Par ailleurs, la voile simulée sur des pistes triangulaires suscite de plus en plus d'intérêt. Il y a quelques semaines, le championnat allemand d'e-Sailing a eu lieu avec un nombre record de 64 participants utilisant la variante Inshore de "Virtual Regatta". Mats Krüss, 19 ans, originaire de Hambourg, qui navigue habituellement en J/70 et J/24, a remporté le titre.

A l'avenir, les simulateurs pourraient également jouer un rôle de plus en plus important pour la réussite sur les pistes de régate réelles et pour l'apprentissage de la voile. C'est ce qu'a montré récemment le 37e Congrès mondial de la voile. Coupe de l'AmericaL'utilisation de simulateurs était indispensable pour toutes les équipes.

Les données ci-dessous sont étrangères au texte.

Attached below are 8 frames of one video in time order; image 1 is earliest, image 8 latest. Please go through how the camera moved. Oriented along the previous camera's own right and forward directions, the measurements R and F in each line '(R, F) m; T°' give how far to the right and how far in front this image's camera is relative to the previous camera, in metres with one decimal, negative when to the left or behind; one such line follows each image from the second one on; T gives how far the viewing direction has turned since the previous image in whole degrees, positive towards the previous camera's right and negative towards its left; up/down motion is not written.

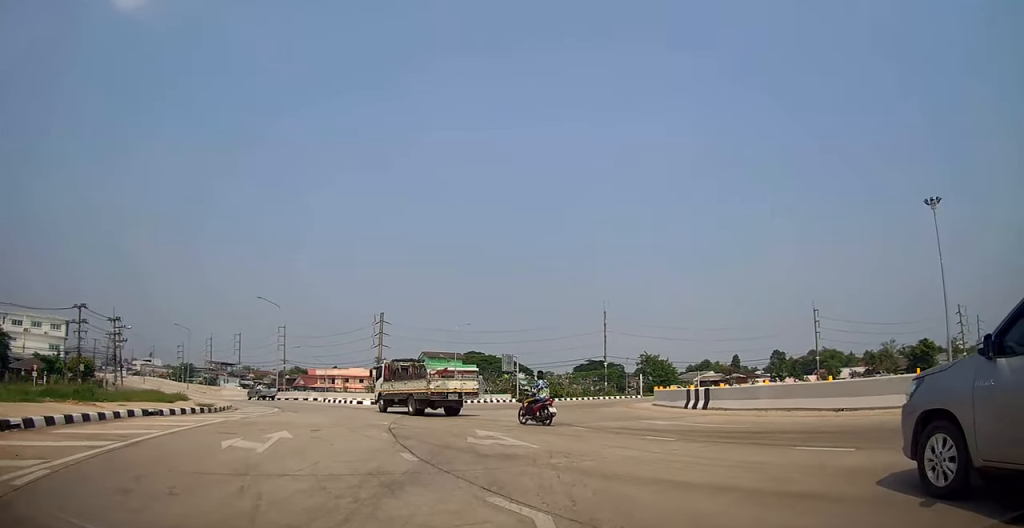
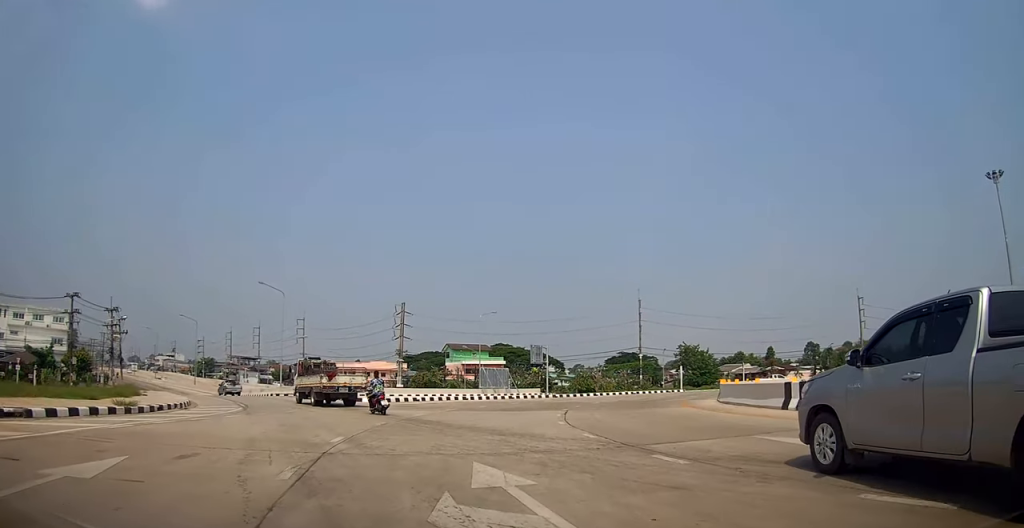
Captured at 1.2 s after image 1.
(0.0, +5.9) m; -2°
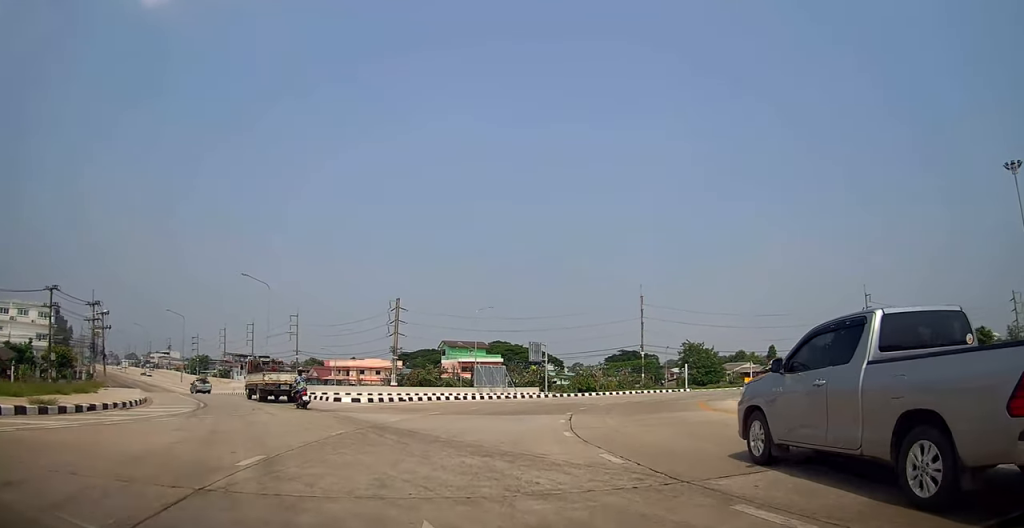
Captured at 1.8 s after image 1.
(-0.1, +3.3) m; 0°
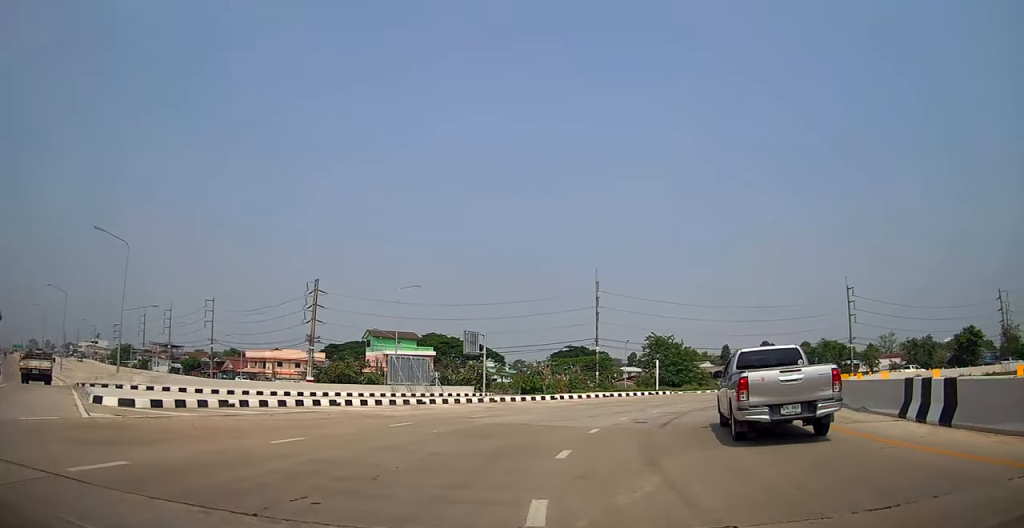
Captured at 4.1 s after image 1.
(+0.6, +14.4) m; +6°
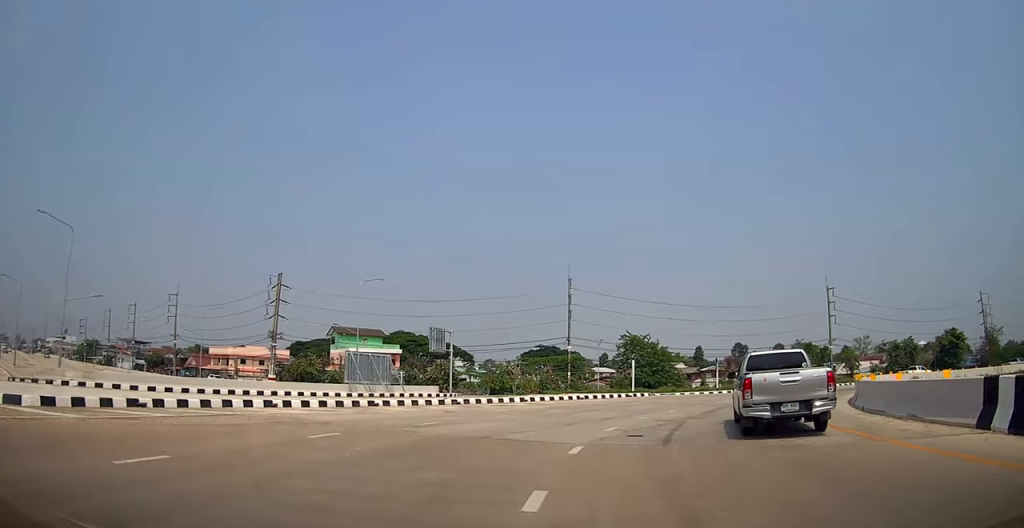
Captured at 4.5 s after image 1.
(0.0, +3.4) m; +1°
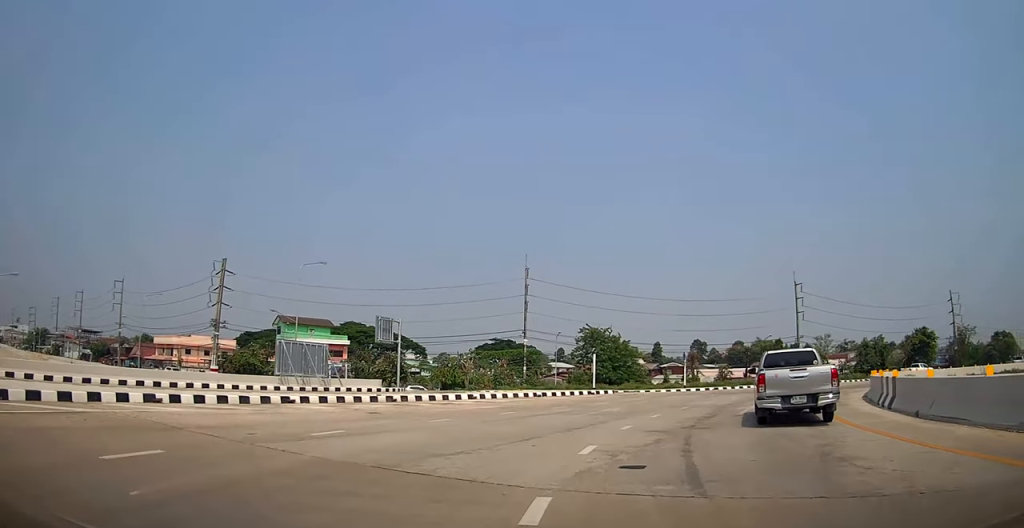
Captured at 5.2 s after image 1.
(+0.1, +4.4) m; +1°
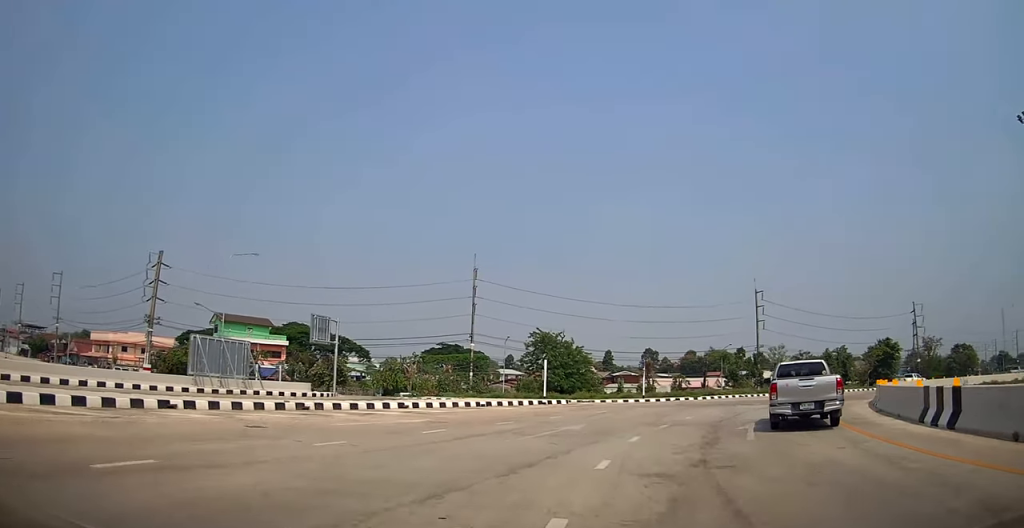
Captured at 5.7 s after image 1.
(0.0, +4.2) m; +1°
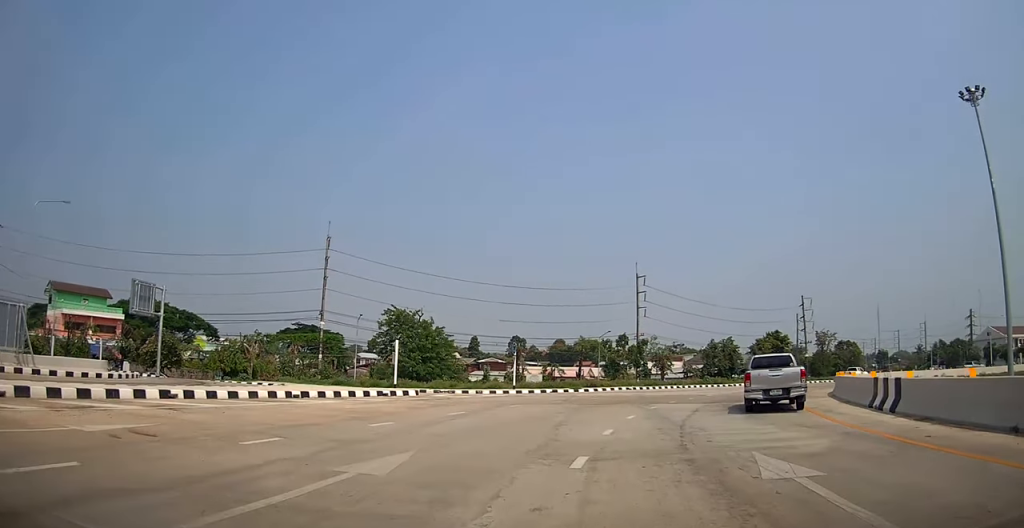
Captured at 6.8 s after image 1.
(+0.1, +8.1) m; +4°

Lors de la Youth et Women's America's Cup, les navigateurs allemands se sont même préparés exclusivement sur ordinateur pour les courses avec les fulgurants foilers AC40. D'autres projets testent également l'utilisation de la réalité virtuelle pour les écoles de voile.

Max Gasser

Max Gasser

Rédacteur Test & Technique

Ayant grandi à quelques mètres des rives du lac de Constance, Max Gasser s'est retrouvé très tôt à bord du croiseur familial de 15 dériveurs, qui a ensuite été remplacé par un croiseur de 30 dériveurs à partir de 1932. Entre-temps, Gasser avait déjà remporté ses premiers succès en Opti et était passé au Laser au sein de l'équipe nationale du Bade-Wurtemberg. Après avoir obtenu son diplôme de fin d'études secondaires, il a réalisé un rêve d'enfant en achetant un Moth à foils, qu'il remplace aujourd'hui par un bateau plus récent. Après avoir travaillé comme pigiste pour un magazine local de sports nautiques, il a effectué un stage chez YACHT, ce qui l'a amené à faire un stage, puis à travailler comme rédacteur au sein de l'équipe éditoriale de Wastersports Digital. En tant que représentant de la génération Z et du foiling, il se sent particulièrement à l'aise dans tous les domaines de la voile sportive.